Assemblywoman Deborah J. Glick, whose district includes Greenwich Village, said it would not help the mayor’s cause to have the debate take place amid this “very tense circumstance.”
“If people believe that the core mission is to have a seat in a local school where there is a reasonable class size,” she said, “people are going to say, regardless of the P.R. campaign, there need to be changes.”
The Department of Education would not say how many schools had waiting lists or how many children were on them, explaining that officials were still reviewing the information that principals in Manhattan were required to submit earlier this week (principals in other boroughs must do so by Friday). But parent advocates and public officials in pockets throughout the city said that they had heard more complaints this year from panicked parents told that there may not be seats for their 5-year-olds at their neighborhood schools.
The notion of a waiting list for students living within a school’s zone is not unprecedented; last fall, 34 schools outside Manhattan capped their enrollment, turning away neighborhood children.
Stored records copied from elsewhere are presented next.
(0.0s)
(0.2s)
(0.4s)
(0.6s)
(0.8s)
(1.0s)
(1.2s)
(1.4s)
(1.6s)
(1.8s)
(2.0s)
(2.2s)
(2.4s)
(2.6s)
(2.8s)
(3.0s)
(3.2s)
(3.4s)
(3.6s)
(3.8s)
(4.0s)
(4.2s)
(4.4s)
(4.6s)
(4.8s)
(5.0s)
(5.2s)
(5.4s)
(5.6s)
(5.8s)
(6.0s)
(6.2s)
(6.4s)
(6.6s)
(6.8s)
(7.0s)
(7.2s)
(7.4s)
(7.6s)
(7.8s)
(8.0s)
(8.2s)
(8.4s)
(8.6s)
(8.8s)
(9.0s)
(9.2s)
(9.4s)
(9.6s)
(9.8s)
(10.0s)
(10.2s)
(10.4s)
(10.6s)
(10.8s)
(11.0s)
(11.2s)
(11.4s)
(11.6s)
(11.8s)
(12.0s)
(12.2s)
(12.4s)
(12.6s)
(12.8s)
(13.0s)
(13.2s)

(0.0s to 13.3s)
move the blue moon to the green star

But this year, after a change in city policy to standardize kindergarten admissions and encourage registration earlier in the year, the waiting lists seem to have proliferated, making their way into Manhattan neighborhoods where parents often make expensive real estate decisions with a specific public school in mind. And parents fear that the lists reflect not just the new policy but also a surge in demand, fueled by an increase in young families and an economic downturn that makes private schools less appealing.
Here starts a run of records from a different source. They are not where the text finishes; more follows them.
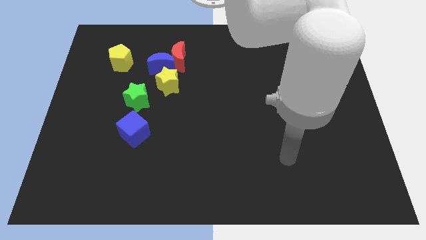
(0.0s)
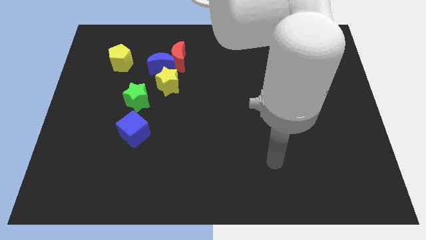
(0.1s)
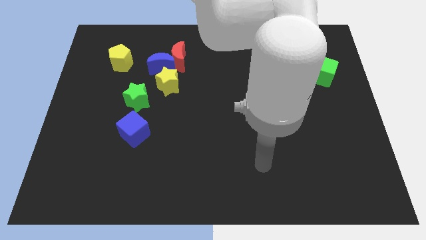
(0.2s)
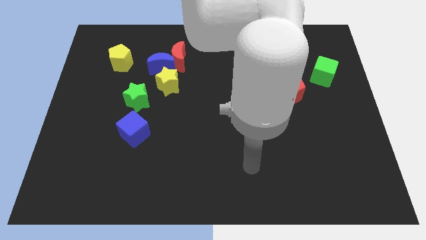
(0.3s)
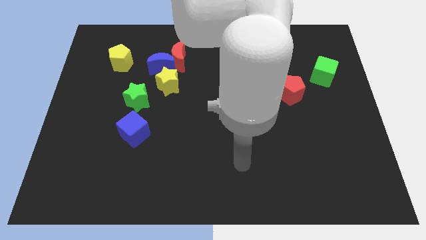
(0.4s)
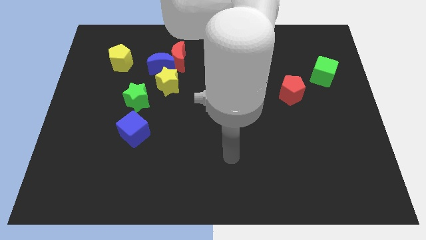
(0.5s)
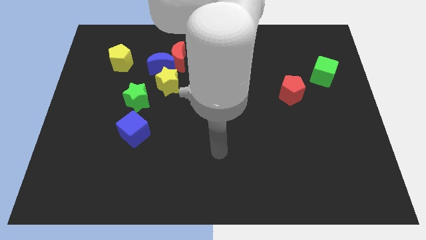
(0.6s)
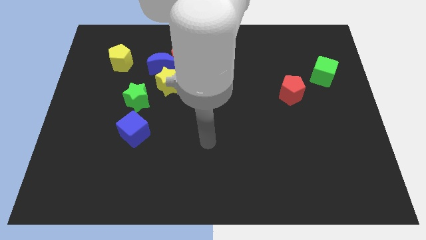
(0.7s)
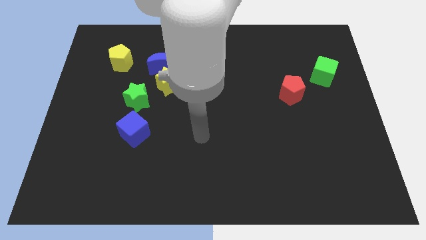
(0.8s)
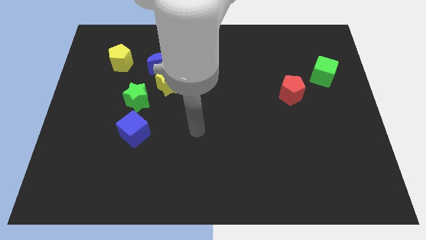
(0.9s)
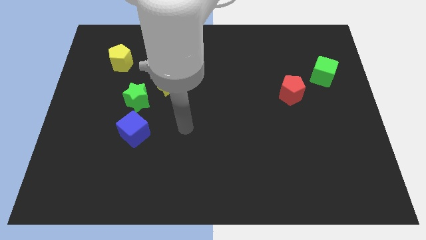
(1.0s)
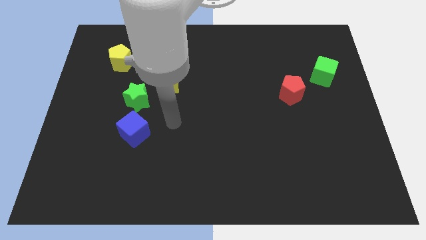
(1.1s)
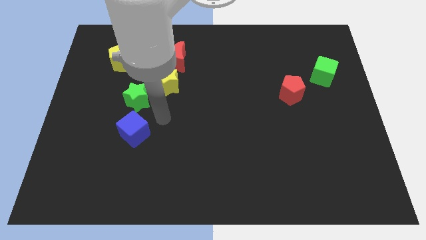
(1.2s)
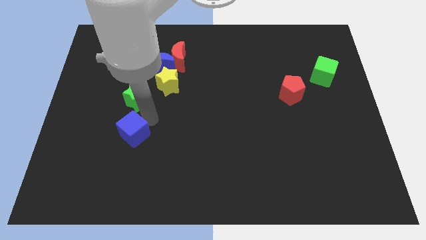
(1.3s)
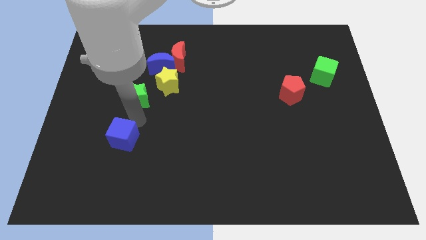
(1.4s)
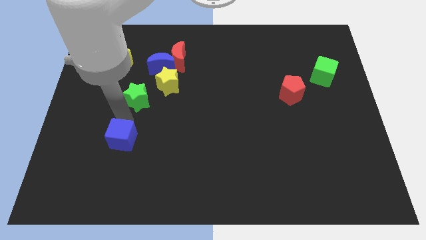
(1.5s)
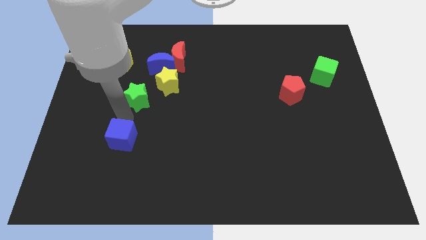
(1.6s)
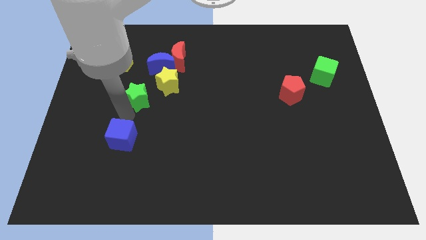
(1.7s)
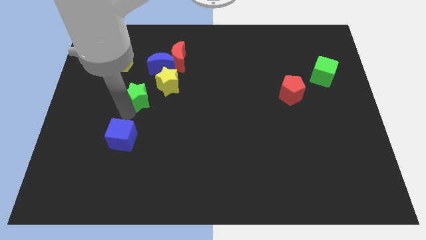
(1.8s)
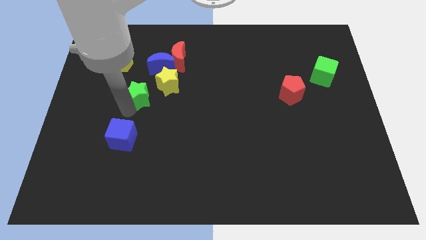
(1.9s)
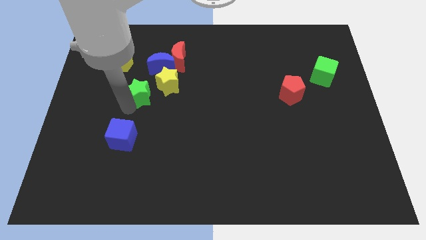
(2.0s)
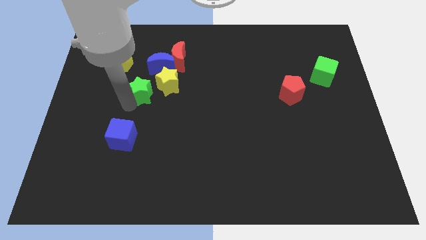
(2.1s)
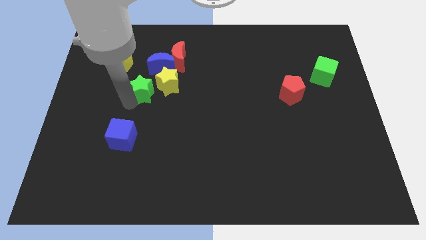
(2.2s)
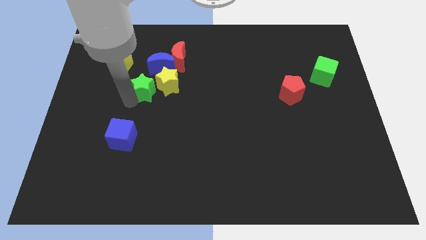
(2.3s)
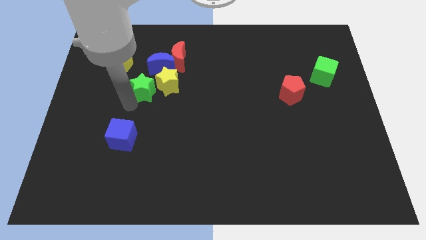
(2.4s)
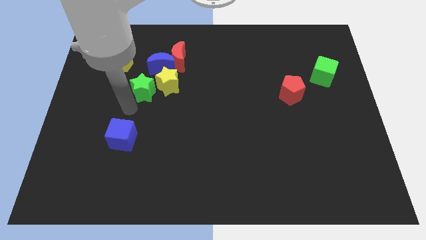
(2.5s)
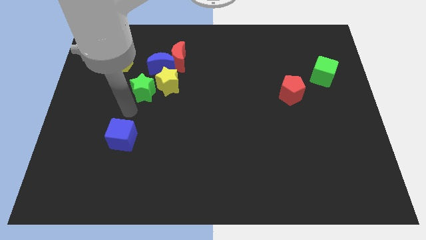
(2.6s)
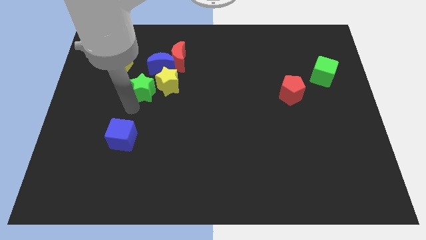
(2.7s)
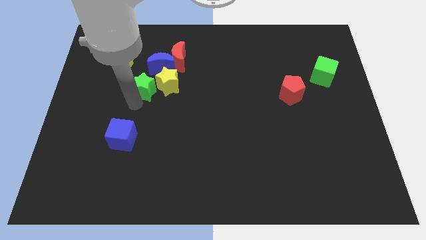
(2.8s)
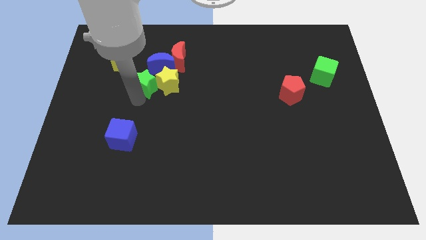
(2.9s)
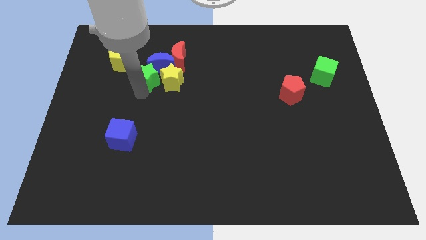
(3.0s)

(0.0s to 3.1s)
slide the green star towards the blue moon

David Cantor, the chancellor’s press secretary, said that schools previously had grappled with supply and demand in an ad-hoc way, and that the Bloomberg administration’s approach was fairer. Children still on waiting lists at the end of June will be offered slots at other schools in their district (there are 32 across the city). Their names can stay on the lists through the summer in hopes that spots open up. City officials expect lists to shrink as some students choose gifted and talented programs or other options.
Before, Mr. Cantor said, “students remained on wait lists without a school unless a parent knew how to navigate the system.”
“This administration’s position is that equity of access and transparency for every parent is essential,” he added. “This year, for the first time, we stepped in to quantify wait lists, assist schools in managing their wait lists, and will ensure that children have a placement offer by the end of June.”
In some lower-income areas, public officials are concerned about a city budget cut that is sending some 3,000 children from day care centers funded by the Administration for Children’s Services to public kindergartens.
But the epicenter of the outrage is Manhattan’s District 2, particularly the Upper East Side and the Village, where new condominiums have lured young families. The district’s Community Education Council estimates 400 children are on waiting lists at a dozen schools.
“We feel desperate,” said Ben Allison, a bassist and composer whose daughter, Ruby, is on the P.S. 41 waiting list. “We’re calling up N.Y.U. to say, ‘Can you provide a space for us? Maybe you can clear out some classrooms and create an annex.’ ”
Then there are the parents of children zoned for Public School 151. That school, on East 91st Street, has been closed for nearly a decade. The Education Department promised to reopen it this year because of the space crunch, but has yet to secure a space.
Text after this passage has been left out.